到目前为止,这是我的代码(我使用了另一个测试字符串):


import itertools

def deduplicate(lst):
    elems = set()
    rest = []
    for el in lst:
        if el not in elems:
            elems.add(el)
            rest.append(el)
    return rest


def deduplicate_lists(lst_of_lists, differenet_lists=False):
    lst_of_lists.sort()
    if differenet_lists:
        return [lst for lst, _ in itertools.groupby(lst_of_lists)]
    else:
        return [*[lst for lst, _ in itertools.groupby(lst_of_lists)]]
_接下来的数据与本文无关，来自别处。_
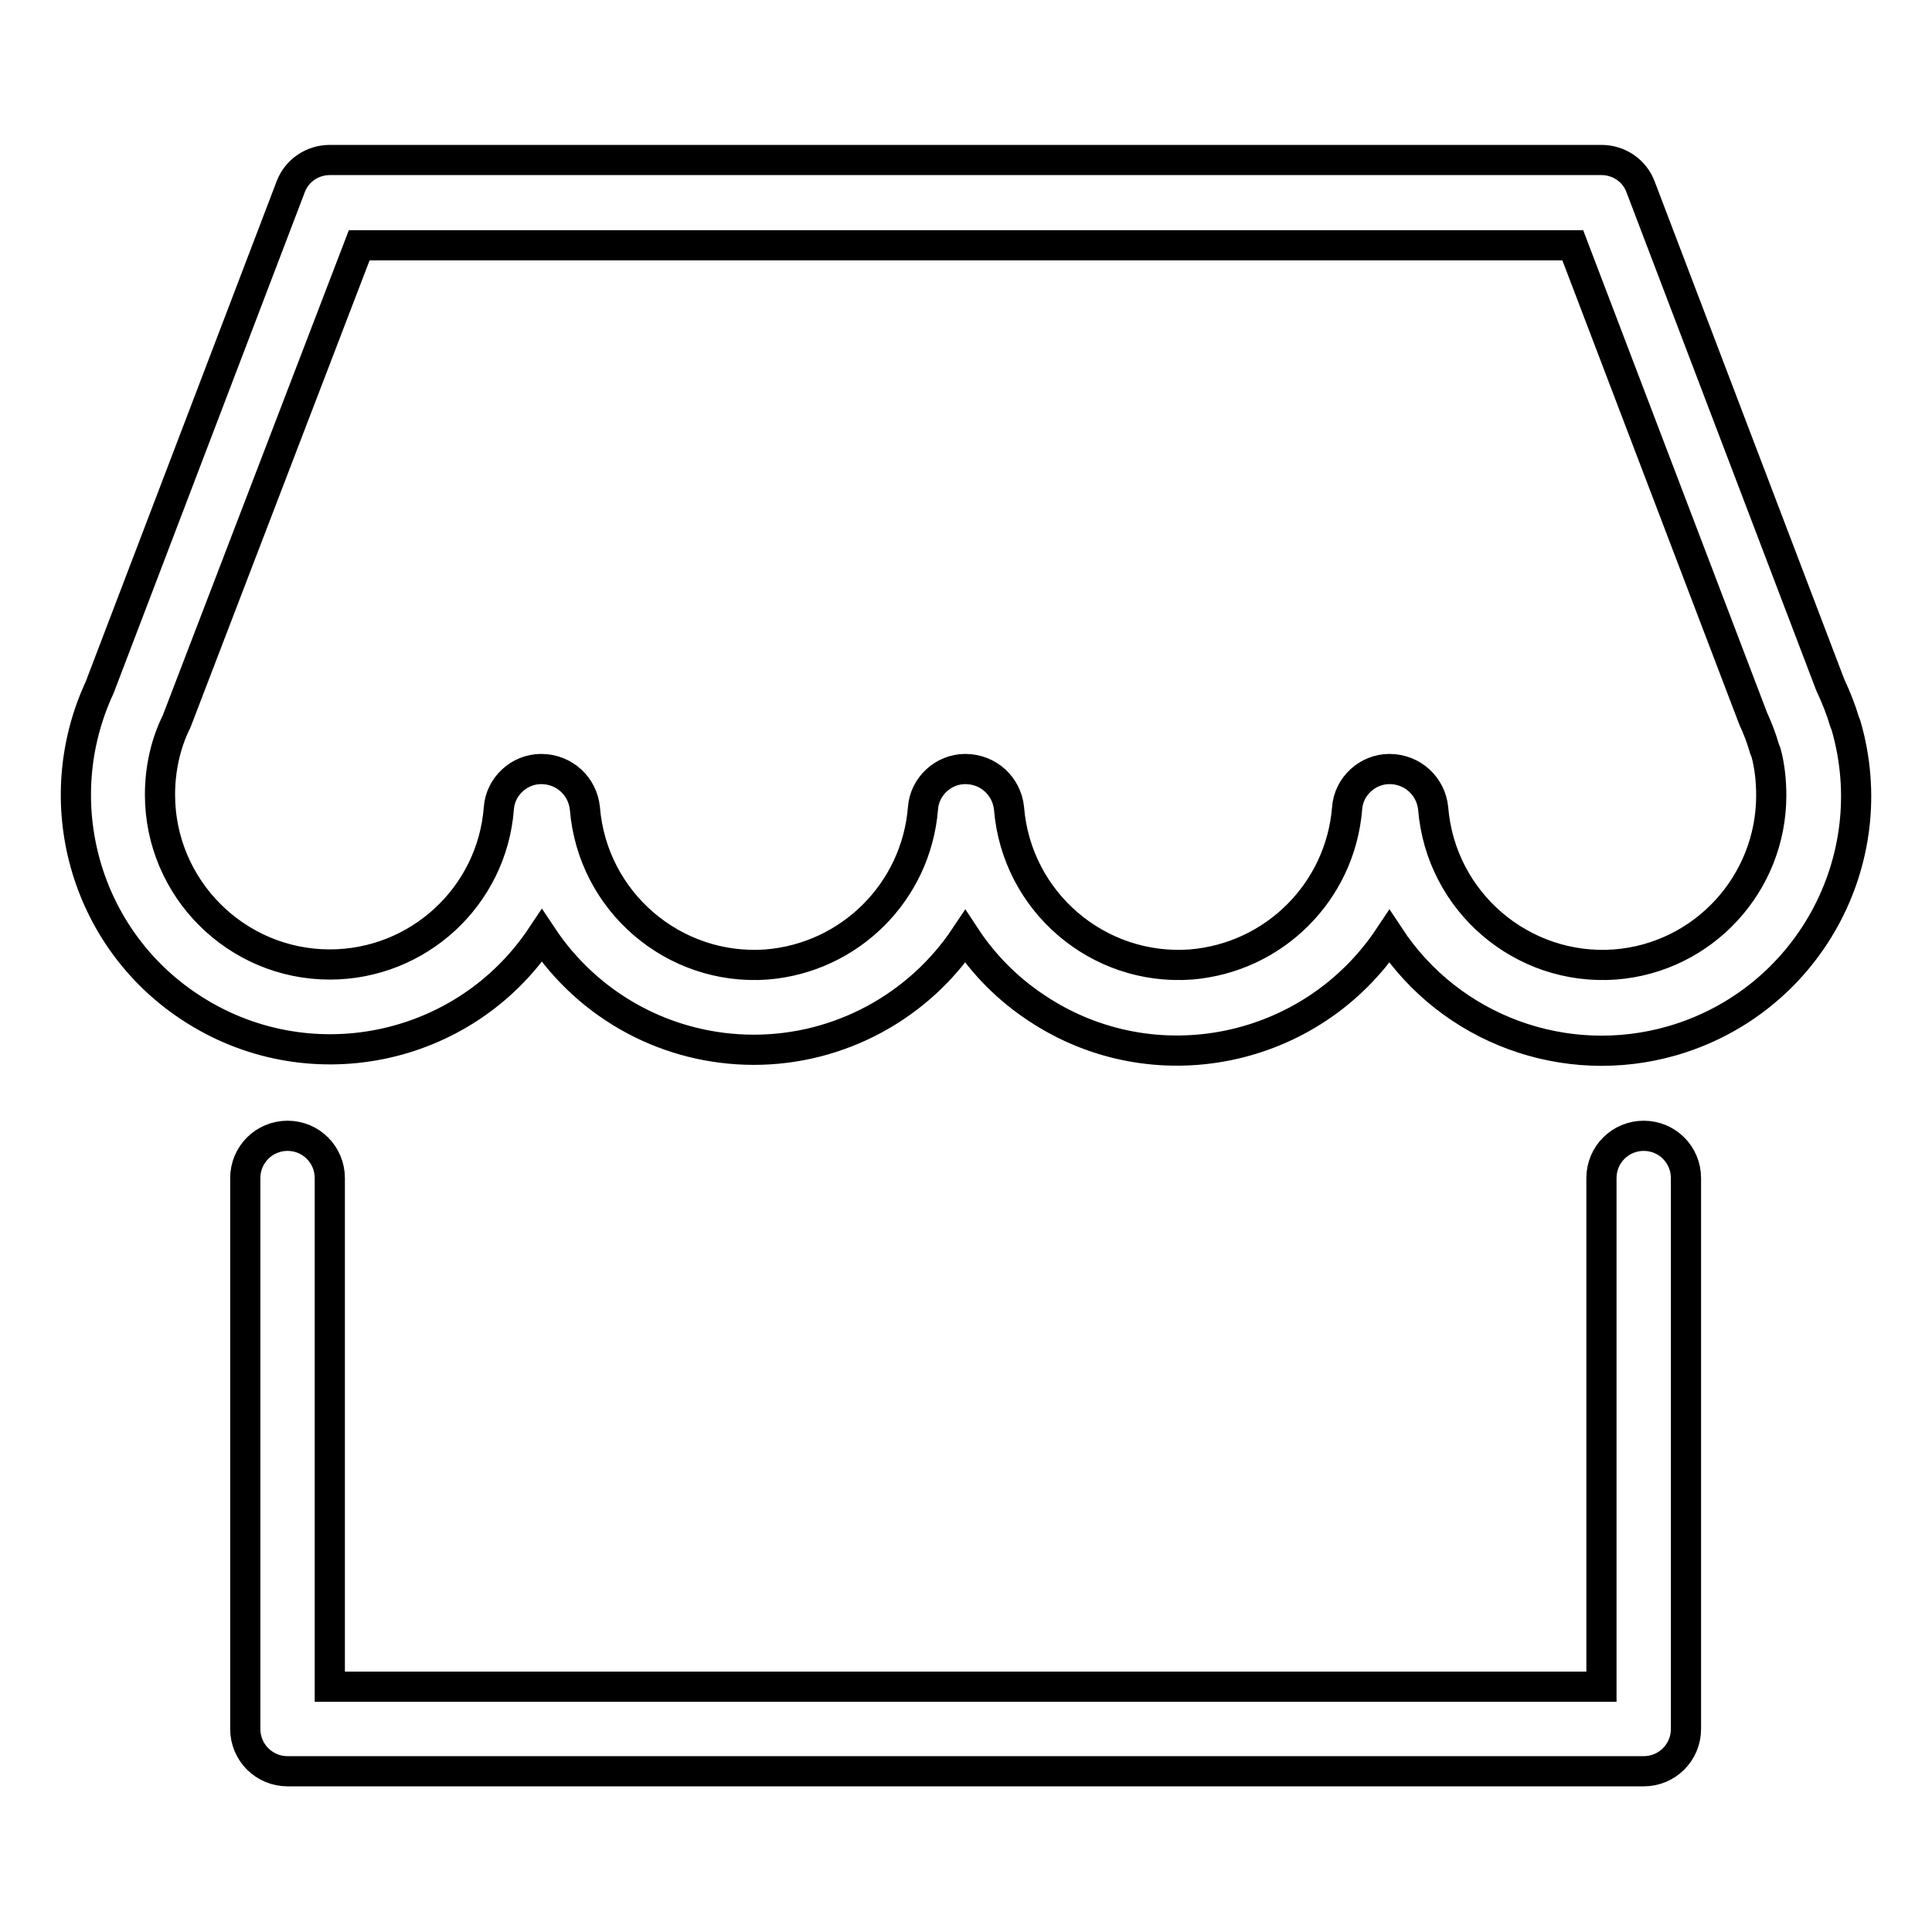 <?xml version="1.0" encoding="utf-8"?>
<!-- Svg Vector Icons : http://www.onlinewebfonts.com/icon -->
<!DOCTYPE svg PUBLIC "-//W3C//DTD SVG 1.1//EN" "http://www.w3.org/Graphics/SVG/1.1/DTD/svg11.dtd">
<svg version="1.1" xmlns="http://www.w3.org/2000/svg" xmlns:xlink="http://www.w3.org/1999/xlink" x="0px" y="0px" viewBox="0 0 256 256" enable-background="new 0 0 256 256" xml:space="preserve">
<g> <path stroke-width="4" fill-opacity="0" stroke="#000000"  d="M99.9,139.1c-11.3,0-21.8-5.6-28.1-15.1c-10.3,15.5-31.2,19.7-46.7,9.4c-13.9-9.2-18.9-27.2-11.9-42.3 l25.3-66.3c0.8-2.2,2.9-3.6,5.2-3.6h168.5c2.3,0,4.4,1.4,5.2,3.6l25.1,65.9c0.8,1.7,1.5,3.5,1.9,4.9l0.2,0.5 c5.2,17.9-5.1,36.6-23,41.8c-14.2,4.1-29.4-1.5-37.5-13.8c-10.3,15.5-31.2,19.8-46.7,9.5c-3.8-2.5-7-5.7-9.5-9.5 C121.7,133.4,111.2,139.1,99.9,139.1L99.9,139.1z M212.2,156.1c0-3.1,2.5-5.6,5.6-5.6c3.1,0,5.6,2.5,5.6,5.6c0,0,0,0,0,0v73 c0,3.1-2.5,5.6-5.6,5.6H38.1c-3.1,0-5.6-2.5-5.6-5.6l0,0v-73c0-3.1,2.5-5.6,5.6-5.6c3.1,0,5.6,2.5,5.6,5.6l0,0v67.4h168.5V156.1 L212.2,156.1z M47.6,32.5L23.4,95.6c-1.5,3-2.2,6.4-2.2,9.7c0,12.4,10.1,22.5,22.5,22.5c11.7,0,21.5-9,22.4-20.7 c0.2-2.9,2.7-5.2,5.6-5.2c3.1,0,5.5,2.3,5.8,5.2c1,12.4,11.8,21.6,24.1,20.7c11-0.9,19.8-9.6,20.7-20.7c0.2-2.9,2.7-5.2,5.6-5.2 c3.1,0,5.5,2.3,5.8,5.2c1,12.4,11.8,21.6,24.1,20.7c11-0.9,19.8-9.6,20.7-20.7c0.2-2.9,2.7-5.2,5.6-5.2c3.1,0,5.5,2.3,5.8,5.2 c1,12.4,11.8,21.6,24.1,20.7c11.7-0.9,20.7-10.7,20.7-22.4c0-1.9-0.2-3.9-0.7-5.7l-0.2-0.5c-0.4-1.4-0.9-2.7-1.5-4l-23.9-62.7H47.6 z"/></g>
</svg>

def try_it_faster(lists_by_len_of_words, decrypt_dict):
    for key, val in lists_by_len_of_words.items():
        # print(ke, val)
        if len(val) == 1:
            for index, char in enumerate(val[0]):
                # print(char, index_for_word)
                decrypt_dict.update({char: key[index]})
    return decrypt_dict


def decrypt(string_to_decrypt, decrypt_dict):
    returner = None
    try:
        returner = "".join(decrypt_dict[i] for i in string_to_decrypt)
    except KeyError:
        pass
    return returner


def c_just_multiple_val_dict(dict, help_dict=None):
    copy_dict = dict.copy()
    for keys, values in copy_dict.items():
        # print(keys, values)
        if len(values) == 1:
            dict.pop(keys)

    if help_dict is not None:
        copy_dict = dict.copy()
        for word in copy_dict.keys():
            if all([char in help_dict.values() for char in word]):
                dict.pop(word)
    return dict


def move_items(lst):
    return lst[0:] + lst[0]


# timed
number = 6
inputs = ['all', 'and', 'apple', 'ass', 'gibble', 'horror', 'hound', 'love',
          'tie']  # input words default: "and", "dick", "jane", "puff", "spot", "yertle"
decrypt_dict = {' ': ' '}
encryption_as_string = "cvvli euynm dxggli euzzuz cnm bxi lupi cll cww"  # default: bjvg xsb hxsn xsb qymm xsb rqat xsb pnetfn
encryption_key = encryption_as_string.split()  # create list from encrypted string
lists_by_len_of_words = {inp: deduplicate([a for a in encryption_key if len(a) == len(inp)]) for inp in
                         inputs}  # dict key=input word, deduplicated value=words from encryption_key with same length as input word
# timed

# print start values
print(f"1. {inputs}")
print(f"2. {encryption_key}")
print(f"3. {lists_by_len_of_words}")
print(f"4. {decrypt_dict}")

decrypt_dict = try_it_faster(lists_by_len_of_words,
                             decrypt_dict)  # if len of input words is unique, this will make it faster
secondary_decrypt_dict = decrypt_dict.copy()
print(f"4. After try_it_faster(): {decrypt_dict}")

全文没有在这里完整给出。